Putting this script in the same directory as the bash script is recommended. This script will be executed by the bash script. For example, we name this script as blocks_1_modifier.py.

import logging
import bloark


# Define a modifier profile.
class PTFModifier(bloark.ModifierProfile):
    count: int = 0

    def __init__(self):
        self.count = 0

    def block(self, content: dict, metadata: dict):
        self.count += 1
        logging.debug(f'Modifier: test printout! {self.count}')
        return content, metadata


if __name__ == '__main__':
    # Create a modifier instance with 8 processes (CPUs) and INFO-level logging.
    modifier = bloark.Modifier(output_dir='./tests/output', num_proc=2, log_level=logging.INFO)

    # Preload all files from the input directory (original warehouses).
    modifier.preload('./tests/sample_data/sample_warehouses')

    # Add the modifier profile to the modifier instance.
    modifier.add_profile(PTFModifier())

    # Start modifying the warehouses (this command will take a long time).
    modifier.start()

Bash script#

Note

Check cluster requirements for more details about cluster environment setup.

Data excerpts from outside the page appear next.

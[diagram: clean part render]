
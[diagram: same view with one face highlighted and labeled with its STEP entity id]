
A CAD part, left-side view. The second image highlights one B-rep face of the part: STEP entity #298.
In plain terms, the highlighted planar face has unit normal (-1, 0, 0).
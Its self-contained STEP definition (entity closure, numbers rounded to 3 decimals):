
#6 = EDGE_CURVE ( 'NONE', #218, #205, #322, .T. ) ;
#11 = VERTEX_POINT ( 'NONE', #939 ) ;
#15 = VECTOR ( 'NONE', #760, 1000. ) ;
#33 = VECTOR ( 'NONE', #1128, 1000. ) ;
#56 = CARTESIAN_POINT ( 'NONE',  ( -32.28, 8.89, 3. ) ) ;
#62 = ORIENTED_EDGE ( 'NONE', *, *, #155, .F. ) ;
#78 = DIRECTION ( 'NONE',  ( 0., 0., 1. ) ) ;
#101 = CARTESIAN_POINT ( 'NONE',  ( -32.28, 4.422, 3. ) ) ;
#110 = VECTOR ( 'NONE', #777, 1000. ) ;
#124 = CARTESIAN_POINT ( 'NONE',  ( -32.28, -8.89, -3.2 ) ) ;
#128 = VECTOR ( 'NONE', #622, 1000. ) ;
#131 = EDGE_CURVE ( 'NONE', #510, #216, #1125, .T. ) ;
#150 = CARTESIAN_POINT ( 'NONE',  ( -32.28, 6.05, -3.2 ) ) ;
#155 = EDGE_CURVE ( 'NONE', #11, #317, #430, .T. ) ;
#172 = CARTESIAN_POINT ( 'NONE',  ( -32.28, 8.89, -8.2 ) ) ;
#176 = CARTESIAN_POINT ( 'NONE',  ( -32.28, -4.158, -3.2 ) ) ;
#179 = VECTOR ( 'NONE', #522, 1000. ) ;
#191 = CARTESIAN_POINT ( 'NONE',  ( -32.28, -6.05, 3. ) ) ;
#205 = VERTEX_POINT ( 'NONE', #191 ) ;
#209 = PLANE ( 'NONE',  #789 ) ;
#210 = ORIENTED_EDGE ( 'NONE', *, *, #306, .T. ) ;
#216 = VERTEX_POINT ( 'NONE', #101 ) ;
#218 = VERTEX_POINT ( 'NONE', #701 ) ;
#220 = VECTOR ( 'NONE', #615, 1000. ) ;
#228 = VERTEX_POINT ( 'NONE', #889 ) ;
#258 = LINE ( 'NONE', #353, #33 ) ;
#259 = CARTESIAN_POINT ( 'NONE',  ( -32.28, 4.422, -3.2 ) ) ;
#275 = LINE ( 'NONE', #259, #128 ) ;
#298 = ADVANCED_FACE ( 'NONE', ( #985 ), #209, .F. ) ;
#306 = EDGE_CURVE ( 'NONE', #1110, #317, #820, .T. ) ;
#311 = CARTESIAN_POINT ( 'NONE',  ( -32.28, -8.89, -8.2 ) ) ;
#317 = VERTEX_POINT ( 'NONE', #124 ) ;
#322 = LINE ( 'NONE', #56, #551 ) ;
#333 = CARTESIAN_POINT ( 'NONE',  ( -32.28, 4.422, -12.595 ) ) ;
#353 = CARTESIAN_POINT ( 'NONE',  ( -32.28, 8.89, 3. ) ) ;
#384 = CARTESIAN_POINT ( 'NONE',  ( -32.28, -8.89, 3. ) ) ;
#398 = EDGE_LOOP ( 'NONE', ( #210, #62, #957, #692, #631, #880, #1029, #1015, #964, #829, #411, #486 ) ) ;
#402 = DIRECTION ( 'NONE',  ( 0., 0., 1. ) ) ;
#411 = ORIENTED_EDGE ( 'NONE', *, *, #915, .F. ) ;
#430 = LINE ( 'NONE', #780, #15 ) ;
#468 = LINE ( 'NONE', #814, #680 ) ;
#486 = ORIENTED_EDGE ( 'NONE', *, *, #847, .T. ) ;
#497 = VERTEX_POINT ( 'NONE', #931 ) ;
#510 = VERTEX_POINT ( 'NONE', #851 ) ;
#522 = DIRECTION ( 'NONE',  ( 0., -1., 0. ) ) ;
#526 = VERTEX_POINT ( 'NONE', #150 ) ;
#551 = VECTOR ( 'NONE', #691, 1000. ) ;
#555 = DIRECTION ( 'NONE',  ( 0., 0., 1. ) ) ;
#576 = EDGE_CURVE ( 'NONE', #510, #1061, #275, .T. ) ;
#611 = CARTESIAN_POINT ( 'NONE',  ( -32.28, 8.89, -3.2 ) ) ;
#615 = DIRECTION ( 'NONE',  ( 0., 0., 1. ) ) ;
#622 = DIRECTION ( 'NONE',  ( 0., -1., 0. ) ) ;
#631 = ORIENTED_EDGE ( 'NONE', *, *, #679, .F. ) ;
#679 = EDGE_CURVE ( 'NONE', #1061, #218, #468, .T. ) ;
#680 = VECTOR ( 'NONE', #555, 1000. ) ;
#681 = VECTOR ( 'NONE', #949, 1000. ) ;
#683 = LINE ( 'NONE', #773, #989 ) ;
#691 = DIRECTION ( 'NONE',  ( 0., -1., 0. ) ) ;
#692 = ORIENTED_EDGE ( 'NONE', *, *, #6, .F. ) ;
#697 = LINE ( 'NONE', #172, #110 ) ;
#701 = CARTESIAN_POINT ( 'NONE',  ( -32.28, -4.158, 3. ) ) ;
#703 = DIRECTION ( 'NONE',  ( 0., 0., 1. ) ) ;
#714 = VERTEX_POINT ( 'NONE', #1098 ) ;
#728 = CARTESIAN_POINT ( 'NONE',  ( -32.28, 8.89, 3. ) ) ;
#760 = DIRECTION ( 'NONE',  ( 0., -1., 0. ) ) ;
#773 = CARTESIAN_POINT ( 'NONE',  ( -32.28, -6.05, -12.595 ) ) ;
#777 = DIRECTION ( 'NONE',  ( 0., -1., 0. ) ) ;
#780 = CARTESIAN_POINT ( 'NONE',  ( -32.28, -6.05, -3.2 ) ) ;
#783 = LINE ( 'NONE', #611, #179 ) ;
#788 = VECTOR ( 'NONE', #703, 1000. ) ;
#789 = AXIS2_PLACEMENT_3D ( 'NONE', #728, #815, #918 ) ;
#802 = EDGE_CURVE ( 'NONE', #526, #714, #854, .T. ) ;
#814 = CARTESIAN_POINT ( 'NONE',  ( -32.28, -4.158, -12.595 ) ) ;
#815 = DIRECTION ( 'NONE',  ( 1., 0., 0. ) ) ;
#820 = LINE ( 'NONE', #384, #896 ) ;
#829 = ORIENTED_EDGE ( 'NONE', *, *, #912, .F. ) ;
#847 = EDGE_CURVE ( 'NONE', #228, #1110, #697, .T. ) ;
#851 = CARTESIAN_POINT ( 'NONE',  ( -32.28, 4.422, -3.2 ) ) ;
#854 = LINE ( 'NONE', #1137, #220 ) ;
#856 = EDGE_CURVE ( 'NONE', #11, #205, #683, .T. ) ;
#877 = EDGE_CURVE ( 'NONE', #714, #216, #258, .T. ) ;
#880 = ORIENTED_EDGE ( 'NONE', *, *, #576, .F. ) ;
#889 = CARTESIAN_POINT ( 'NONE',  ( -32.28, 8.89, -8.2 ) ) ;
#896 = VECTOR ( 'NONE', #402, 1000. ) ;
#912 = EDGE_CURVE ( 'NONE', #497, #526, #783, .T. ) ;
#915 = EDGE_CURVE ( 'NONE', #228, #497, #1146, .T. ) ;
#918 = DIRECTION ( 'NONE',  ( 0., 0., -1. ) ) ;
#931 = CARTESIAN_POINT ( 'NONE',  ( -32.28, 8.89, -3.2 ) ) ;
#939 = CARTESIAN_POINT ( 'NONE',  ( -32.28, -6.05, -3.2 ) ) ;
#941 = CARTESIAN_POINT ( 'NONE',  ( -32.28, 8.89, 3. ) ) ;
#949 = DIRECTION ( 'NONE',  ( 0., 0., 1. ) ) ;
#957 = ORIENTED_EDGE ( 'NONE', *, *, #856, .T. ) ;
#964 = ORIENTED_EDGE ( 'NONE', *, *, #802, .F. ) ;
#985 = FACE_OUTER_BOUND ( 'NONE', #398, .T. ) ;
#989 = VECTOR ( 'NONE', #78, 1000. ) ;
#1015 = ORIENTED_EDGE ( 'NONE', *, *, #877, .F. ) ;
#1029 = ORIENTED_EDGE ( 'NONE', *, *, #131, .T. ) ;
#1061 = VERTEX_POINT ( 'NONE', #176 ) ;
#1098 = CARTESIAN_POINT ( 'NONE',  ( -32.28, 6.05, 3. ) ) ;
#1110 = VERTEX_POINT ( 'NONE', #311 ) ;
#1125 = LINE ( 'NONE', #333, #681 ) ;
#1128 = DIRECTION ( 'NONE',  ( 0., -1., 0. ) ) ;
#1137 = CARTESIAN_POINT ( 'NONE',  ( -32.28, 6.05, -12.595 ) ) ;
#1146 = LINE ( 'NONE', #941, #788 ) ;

This is an example bash script that will be used by sbatch to submit the job to a cluster. Put the following script in the same directory as the Python script. For example, we name this script as blocks_1_modifier.sh.

#!/bin/bash

#SBATCH --job-name=blocks_1
#SBATCH --partition=longq
#SBATCH --ntasks=1
#SBATCH --cpus-per-task=8
#SBATCH --time=14-00:00
#SBATCH --mem-per-cpu=6000
#SBATCH --output=log_%j.out
#SBATCH --error=log_%j.error

python blocks_1_modifier.py

After activating the correct conda environment (having correct terminal prefix like (an_environment_with_bloark) if you are using conda), you can simply submit the job by executing the following command in the same directory as the bash script:

sbatch blocks_1_modifier.sh